We are at an inflection point where parts of the population feel that their leadership neither is responsive to their fears nor responsible in its interventions. While some put their hope into petabytes, others call in the populists. The former are concerned about the biased and shifting mind of the electorate, the latter are furious about the biases of liberal ideologies. In the long run, both might be headed for a remarkably similar fate: a gradual descent into an unvarnished form of authoritarianism.
Preventing complexity from tipping into chaos
At one point in Asimov’s tale, a girl asks her father how it was like before Multivac entered the scene to lead the country. “You see, Linda, till about forty years ago, everybody always voted,” the father said. “How did all the people know who to vote for? Did Multivac tell them?” his daughter asked, perplexed. Her father’s eyebrows hunched down and he looked severe: “They just used their own judgment, girl.”
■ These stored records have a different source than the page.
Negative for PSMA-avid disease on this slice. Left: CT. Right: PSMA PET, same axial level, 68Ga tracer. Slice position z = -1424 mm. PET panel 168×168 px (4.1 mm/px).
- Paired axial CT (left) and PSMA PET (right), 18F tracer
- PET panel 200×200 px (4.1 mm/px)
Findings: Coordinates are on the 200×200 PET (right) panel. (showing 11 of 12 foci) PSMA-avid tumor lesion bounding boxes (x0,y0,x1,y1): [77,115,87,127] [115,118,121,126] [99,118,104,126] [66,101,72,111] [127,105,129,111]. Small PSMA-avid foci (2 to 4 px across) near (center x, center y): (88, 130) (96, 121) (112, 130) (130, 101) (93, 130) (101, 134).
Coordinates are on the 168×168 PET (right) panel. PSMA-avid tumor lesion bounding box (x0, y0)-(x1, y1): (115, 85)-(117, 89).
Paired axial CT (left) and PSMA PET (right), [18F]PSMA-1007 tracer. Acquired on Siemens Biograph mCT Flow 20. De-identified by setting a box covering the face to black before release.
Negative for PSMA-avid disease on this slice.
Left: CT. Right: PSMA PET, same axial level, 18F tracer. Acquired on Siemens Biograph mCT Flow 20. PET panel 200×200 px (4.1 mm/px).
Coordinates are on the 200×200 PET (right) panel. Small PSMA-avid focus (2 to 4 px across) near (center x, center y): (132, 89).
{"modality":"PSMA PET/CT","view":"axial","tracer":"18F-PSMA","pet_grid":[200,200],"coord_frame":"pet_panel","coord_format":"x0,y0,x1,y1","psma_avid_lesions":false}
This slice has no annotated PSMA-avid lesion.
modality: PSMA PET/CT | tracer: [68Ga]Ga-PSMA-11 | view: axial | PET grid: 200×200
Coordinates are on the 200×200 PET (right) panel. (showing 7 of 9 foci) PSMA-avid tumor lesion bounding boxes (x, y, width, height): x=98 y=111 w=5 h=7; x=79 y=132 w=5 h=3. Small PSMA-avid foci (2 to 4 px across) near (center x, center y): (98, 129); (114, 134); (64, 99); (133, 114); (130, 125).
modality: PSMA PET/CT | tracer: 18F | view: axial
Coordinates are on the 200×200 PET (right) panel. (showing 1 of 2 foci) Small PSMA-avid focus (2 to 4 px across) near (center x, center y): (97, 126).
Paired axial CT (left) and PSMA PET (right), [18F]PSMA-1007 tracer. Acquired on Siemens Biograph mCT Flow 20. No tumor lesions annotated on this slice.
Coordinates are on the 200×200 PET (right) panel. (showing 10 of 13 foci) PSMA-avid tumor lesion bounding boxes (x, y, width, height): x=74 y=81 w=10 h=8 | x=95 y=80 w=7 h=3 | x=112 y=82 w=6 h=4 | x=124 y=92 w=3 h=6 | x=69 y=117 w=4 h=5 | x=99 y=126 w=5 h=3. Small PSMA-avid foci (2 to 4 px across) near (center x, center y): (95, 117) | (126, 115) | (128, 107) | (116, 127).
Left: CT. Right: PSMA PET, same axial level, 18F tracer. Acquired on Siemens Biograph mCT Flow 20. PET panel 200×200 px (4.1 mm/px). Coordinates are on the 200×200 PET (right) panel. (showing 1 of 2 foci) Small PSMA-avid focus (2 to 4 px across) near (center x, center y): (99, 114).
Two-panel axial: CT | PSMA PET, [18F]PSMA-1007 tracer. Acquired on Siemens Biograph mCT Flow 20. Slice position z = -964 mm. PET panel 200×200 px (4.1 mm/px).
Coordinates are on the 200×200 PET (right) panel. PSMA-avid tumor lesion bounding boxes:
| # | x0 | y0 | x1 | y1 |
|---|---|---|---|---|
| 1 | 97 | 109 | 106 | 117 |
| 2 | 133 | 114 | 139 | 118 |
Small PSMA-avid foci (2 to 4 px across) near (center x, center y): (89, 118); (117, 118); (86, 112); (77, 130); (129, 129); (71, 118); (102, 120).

For complex societies to work, we must consider the calculations of computers and rely on the integrity of experts. But we must not abdicate the work of critical thinking, or our moral and ethical judgment, to charismatic leaders or impressive technologies. Instead, we must resolve the biggest challenge societies are facing: People of affluence and people of modest means, people in cities and the countryside, people young and old, are living increasingly separate lives. Democracy does not require perfect equality, but if we don’t share a common life, its two core principle are at risk: responsiveness and responsibility.
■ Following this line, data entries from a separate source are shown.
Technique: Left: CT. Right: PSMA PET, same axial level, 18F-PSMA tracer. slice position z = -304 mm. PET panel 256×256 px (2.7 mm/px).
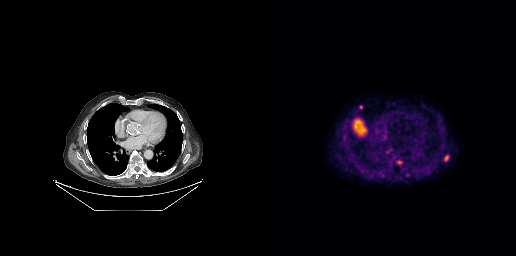
Findings: Coordinates are on the 256×256 PET (right) panel. PSMA-avid tumor lesion bounding box (x0, y0)-(x1, y1): (99, 105)-(102, 109). Small PSMA-avid foci (2 to 4 px across) near (center x, center y): (123, 175) | (186, 158).
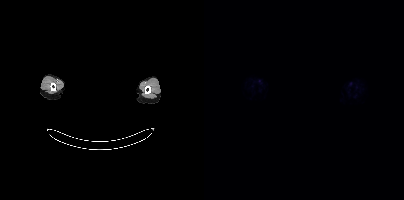
A rectangle over the head was blacked out to remove identifiable facial features.
This slice has no annotated PSMA-avid lesion.
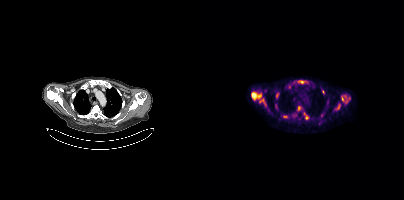
Findings: Coordinates are on the 200×200 PET (right) panel. PSMA-avid tumor lesion bounding boxes (x0, y0)-(x1, y1): (47, 92)-(57, 99) / (93, 80)-(102, 83) / (137, 96)-(145, 103) / (100, 113)-(104, 119) / (72, 92)-(75, 97) / (79, 115)-(83, 118) / (93, 106)-(96, 110) / (132, 104)-(136, 109). Small PSMA-avid foci (2 to 4 px across) near (center x, center y): (61, 104) / (141, 96) / (57, 100) / (71, 105) / (118, 91).
Technique: Paired axial CT (left) and PSMA PET (right), 18F tracer.
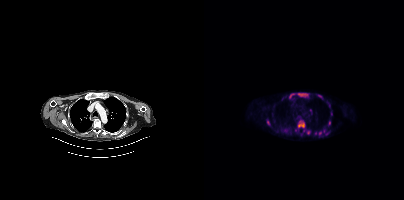
{"modality":"PSMA PET/CT","view":"axial","tracer":"18F-PSMA","pet_grid":[200,200],"coord_frame":"pet_panel","coord_format":"x0,y0,x1,y1","partial":true,"lesion_bboxes":[[94,119,101,128],[93,93,104,97],[85,93,89,99],[114,131,117,135],[105,109,108,114],[124,121,126,125],[114,95,118,97]],"small_foci_centers":[[104,132],[64,122],[127,113],[120,131],[122,134],[78,98]]}
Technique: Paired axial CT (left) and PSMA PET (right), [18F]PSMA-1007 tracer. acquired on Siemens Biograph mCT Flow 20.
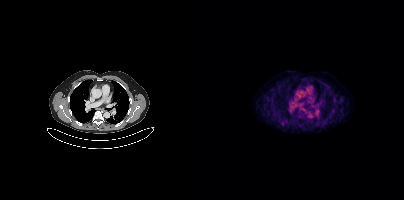
Findings: Coordinates are on the 200×200 PET (right) panel. Small PSMA-avid focus (2 to 4 px across) near (center x, center y): (78, 123).
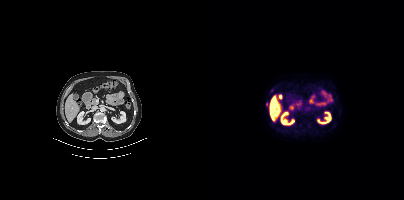
{"modality":"PSMA PET/CT","view":"axial","tracer":"[18F]PSMA-1007","pet_grid":[200,200],"coord_frame":"pet_panel","coord_format":"x0,y0,x1,y1","lesion_bboxes":[],"small_foci_centers":[[63,103]]}
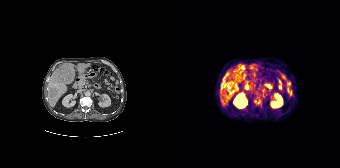
Paired axial CT (left) and PSMA PET (right), 68Ga tracer. Acquired on Siemens Biograph 64-4R TruePoint. Slice 109 of 195. PET panel 168×168 px (4.1 mm/px). Coordinates are on the 168×168 PET (right) panel. (showing 4 of 6 foci) PSMA-avid tumor lesion bounding boxes (x, y, width, height): x=67 y=65 w=6 h=5 / x=82 y=100 w=7 h=4 / x=72 y=74 w=2 h=5. Small PSMA-avid focus (2 to 4 px across) near (center x, center y): (69, 72).

Responsiveness is the precondition for open discourse. Technocratic dataists imply there is one smart solution to every question, hence there is no need for debate. Populist leaders imply there is one popular will, hence there is no need for debate either. One is about facts that don’t need interpretation; the other about interpretations free from facts. Both forget that democracy cannot exist without dialogue and respect for diversity.
Responsibility means caring not only for one’s own grade, but the grade of the class. The moral machine is already here—it is us. Recent votes in the United States and Great Britain have not only been decided by uninformed voters, but also by citizens who decided to forego their responsibility to engage in the political process. According to the latest estimates, almost 100 million people in the US decided not to vote. Disappointment with candidates in both camps played a role, but the reasons for poor voter turnout are more complex, reaching from administrative hurdles to the decay of traditional parties to the political establishment being perceived as too removed from everyday concerns.
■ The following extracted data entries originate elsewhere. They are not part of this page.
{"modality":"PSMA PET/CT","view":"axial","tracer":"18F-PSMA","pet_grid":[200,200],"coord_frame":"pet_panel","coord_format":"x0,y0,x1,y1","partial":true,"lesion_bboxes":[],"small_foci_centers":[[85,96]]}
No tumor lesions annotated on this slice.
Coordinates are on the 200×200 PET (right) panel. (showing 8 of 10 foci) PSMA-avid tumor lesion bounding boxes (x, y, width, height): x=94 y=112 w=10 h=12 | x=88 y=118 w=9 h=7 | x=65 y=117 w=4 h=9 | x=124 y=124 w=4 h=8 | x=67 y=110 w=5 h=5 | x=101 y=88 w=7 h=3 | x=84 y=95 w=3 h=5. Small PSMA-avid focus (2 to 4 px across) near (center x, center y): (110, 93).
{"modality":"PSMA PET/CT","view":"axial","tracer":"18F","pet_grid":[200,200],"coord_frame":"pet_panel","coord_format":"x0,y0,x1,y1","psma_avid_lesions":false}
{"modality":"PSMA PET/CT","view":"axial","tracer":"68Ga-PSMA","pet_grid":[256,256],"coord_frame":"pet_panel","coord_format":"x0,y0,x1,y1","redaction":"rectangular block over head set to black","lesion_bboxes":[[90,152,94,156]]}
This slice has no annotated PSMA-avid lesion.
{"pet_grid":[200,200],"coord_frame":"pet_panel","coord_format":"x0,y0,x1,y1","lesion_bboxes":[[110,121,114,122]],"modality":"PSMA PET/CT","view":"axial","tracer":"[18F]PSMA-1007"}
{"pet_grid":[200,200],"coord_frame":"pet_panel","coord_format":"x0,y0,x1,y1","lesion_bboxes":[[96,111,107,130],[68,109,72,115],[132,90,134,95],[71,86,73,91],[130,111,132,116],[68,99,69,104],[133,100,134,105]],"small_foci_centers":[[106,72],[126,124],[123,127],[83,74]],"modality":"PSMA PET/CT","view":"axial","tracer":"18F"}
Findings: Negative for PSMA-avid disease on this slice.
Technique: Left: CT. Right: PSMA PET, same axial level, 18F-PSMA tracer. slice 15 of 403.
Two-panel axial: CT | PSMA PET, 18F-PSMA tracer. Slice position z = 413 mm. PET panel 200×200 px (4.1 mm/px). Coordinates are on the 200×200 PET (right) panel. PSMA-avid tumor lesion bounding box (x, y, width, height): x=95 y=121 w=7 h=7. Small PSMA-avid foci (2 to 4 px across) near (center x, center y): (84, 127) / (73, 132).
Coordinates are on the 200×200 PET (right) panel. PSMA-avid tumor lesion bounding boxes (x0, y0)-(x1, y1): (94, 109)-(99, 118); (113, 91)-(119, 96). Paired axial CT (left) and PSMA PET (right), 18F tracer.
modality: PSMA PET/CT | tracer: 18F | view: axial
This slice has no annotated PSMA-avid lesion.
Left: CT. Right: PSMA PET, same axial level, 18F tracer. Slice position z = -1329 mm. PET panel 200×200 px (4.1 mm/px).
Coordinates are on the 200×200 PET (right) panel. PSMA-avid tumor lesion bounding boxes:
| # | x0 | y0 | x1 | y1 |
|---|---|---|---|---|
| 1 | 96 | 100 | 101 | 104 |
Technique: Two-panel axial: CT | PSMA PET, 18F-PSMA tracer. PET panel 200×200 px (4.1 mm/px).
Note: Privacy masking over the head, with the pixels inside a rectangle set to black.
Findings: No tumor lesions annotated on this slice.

Responsiveness and responsibility are the price of our freedom, and freedom is the condition for that those in power—be they men, women, or machines—exercise power in our interest. The digital revolution will fundamentally transform political participation; we are just seeing the beginnings. If these changes will be for the better or worse depends on our commitment to renewing and reaffirming these core principles. After the elections is before the elections. 2017 will be a year of destiny for the world’s democracies.